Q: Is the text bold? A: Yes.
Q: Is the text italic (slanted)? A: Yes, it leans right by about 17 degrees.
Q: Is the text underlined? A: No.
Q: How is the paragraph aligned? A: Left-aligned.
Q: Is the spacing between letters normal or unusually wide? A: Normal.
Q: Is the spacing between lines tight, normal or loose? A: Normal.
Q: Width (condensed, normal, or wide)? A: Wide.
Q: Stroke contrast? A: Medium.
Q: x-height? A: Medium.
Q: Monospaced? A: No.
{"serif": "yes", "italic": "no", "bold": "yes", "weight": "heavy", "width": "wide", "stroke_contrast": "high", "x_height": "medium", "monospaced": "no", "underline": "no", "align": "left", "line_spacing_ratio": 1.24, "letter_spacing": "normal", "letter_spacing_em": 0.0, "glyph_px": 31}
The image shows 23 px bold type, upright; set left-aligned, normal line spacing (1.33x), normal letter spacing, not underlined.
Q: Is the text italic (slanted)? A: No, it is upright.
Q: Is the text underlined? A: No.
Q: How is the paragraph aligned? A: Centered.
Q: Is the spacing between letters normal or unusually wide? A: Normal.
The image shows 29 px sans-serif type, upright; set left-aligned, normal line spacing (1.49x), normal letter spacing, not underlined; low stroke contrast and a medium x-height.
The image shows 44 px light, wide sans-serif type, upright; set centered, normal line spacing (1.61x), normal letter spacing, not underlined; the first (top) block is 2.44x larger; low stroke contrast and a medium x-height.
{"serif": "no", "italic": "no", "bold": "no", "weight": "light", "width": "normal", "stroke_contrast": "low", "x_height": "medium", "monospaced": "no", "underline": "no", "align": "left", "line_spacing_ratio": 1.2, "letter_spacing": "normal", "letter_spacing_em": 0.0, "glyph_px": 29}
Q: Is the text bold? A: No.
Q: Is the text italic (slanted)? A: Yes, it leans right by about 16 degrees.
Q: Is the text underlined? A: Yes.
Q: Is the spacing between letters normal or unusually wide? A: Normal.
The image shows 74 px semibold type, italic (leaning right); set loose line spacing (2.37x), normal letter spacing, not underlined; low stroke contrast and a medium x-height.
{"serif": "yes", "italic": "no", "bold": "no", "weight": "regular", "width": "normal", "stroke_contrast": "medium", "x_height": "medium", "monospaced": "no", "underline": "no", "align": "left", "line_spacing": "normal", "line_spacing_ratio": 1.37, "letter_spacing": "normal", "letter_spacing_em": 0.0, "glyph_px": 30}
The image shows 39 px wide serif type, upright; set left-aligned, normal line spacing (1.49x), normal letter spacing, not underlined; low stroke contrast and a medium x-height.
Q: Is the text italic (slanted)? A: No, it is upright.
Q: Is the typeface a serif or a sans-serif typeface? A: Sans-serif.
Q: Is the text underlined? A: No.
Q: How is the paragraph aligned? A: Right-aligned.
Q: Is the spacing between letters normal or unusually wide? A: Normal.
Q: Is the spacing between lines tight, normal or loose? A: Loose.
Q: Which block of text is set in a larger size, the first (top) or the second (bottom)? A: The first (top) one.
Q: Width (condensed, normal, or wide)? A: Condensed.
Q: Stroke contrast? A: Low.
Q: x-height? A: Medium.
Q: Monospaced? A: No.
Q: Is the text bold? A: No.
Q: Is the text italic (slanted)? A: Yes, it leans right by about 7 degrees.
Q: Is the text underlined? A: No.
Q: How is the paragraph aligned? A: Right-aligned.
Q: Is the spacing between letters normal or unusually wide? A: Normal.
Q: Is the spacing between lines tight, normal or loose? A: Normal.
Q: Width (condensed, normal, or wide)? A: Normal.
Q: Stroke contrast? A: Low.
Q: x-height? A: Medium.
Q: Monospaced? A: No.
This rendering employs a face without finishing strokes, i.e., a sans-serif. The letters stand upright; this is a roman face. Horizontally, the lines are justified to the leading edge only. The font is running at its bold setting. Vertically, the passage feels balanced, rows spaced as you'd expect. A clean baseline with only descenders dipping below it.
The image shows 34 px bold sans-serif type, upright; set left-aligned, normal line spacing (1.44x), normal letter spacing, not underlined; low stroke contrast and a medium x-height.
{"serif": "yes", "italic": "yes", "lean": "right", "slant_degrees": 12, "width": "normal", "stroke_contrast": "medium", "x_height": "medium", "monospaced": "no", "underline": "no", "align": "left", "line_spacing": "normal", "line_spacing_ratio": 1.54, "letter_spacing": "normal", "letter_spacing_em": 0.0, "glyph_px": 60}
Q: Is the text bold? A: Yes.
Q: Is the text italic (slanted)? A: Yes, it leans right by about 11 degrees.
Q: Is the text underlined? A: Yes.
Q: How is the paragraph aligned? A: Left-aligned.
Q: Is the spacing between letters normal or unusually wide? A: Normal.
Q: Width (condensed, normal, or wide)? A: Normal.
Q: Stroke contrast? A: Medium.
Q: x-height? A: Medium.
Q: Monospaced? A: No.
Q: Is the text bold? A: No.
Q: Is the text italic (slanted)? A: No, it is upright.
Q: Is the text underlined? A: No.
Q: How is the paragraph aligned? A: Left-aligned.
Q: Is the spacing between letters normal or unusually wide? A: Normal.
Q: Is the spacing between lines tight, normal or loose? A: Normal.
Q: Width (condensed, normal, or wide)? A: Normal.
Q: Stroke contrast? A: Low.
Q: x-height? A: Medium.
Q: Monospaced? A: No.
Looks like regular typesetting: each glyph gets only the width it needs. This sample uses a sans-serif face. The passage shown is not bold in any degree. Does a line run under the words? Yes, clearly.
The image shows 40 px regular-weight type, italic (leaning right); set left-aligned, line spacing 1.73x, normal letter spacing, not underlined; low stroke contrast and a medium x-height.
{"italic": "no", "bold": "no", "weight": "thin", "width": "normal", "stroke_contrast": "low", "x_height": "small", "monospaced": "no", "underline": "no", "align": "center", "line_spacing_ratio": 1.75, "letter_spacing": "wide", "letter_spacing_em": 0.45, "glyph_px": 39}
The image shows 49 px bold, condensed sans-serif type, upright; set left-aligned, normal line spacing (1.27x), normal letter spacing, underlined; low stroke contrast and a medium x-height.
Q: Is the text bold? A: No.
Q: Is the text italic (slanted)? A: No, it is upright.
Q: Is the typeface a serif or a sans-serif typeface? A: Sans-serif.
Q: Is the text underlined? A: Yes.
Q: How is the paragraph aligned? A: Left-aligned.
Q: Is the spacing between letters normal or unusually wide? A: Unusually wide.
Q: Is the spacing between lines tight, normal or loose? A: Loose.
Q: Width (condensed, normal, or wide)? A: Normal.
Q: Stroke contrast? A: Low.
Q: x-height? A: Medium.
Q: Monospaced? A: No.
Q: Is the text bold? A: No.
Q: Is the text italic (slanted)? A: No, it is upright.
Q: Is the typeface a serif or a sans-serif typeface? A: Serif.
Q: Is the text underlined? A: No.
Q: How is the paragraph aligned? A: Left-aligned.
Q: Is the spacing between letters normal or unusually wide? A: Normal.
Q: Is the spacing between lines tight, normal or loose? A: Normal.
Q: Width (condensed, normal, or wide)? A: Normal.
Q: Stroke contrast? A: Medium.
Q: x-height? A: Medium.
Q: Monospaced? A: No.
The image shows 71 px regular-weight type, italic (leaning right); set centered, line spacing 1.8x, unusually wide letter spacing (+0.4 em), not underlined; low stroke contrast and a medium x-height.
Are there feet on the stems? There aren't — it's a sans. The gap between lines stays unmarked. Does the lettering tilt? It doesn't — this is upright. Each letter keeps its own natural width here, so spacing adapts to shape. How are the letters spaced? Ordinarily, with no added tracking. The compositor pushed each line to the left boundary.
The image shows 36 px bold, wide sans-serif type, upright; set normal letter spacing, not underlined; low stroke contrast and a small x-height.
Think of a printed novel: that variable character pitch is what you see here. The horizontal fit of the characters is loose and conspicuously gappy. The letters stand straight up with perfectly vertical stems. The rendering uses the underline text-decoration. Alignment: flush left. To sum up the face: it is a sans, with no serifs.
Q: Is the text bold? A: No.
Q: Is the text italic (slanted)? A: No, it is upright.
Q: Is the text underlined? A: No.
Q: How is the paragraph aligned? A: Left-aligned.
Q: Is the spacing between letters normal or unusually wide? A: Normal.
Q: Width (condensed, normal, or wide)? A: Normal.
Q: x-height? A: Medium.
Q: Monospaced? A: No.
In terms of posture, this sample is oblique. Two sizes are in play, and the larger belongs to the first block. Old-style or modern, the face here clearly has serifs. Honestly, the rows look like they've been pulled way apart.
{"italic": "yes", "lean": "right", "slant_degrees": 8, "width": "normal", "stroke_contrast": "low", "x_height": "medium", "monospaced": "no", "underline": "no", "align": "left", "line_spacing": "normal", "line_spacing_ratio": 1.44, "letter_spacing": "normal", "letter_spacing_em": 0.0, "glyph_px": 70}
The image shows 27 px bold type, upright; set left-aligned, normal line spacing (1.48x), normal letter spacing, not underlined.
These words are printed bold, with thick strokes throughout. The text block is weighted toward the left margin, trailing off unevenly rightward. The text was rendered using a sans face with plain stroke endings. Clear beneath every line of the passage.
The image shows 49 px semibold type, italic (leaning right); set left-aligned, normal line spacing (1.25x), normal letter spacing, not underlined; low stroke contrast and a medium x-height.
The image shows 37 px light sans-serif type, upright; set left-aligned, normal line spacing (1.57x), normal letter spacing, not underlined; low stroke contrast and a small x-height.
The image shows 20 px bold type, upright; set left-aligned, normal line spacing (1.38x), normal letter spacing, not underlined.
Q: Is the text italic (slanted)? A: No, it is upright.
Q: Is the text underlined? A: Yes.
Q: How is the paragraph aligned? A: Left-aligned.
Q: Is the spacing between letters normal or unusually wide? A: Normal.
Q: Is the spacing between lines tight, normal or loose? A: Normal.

• [DESCRIPTION OF THE TASK]:
Find "regular" in the data above. Report each line where it appears.

• [TASK SOLUTION]:
{"serif": "yes", "italic": "no", "bold": "no", "weight": "regular", "width": "normal", "stroke_contrast": "medium", "x_height": "medium", "monospaced": "no", "underline": "no", "align": "left", "line_spacing": "normal", "line_spacing_ratio": 1.37, "letter_spacing": "normal", "letter_spacing_em": 0.0, "glyph_px": 30}
Looks like regular typesetting: each glyph gets only the width it needs. This sample uses a sans-serif face. The passage shown is not bold in any degree. Does a line run under the words? Yes, clearly.
The image shows 40 px regular-weight type, italic (leaning right); set left-aligned, line spacing 1.73x, normal letter spacing, not underlined; low stroke contrast and a medium x-height.
The image shows 71 px regular-weight type, italic (leaning right); set centered, line spacing 1.8x, unusually wide letter spacing (+0.4 em), not underlined; low stroke contrast and a medium x-height.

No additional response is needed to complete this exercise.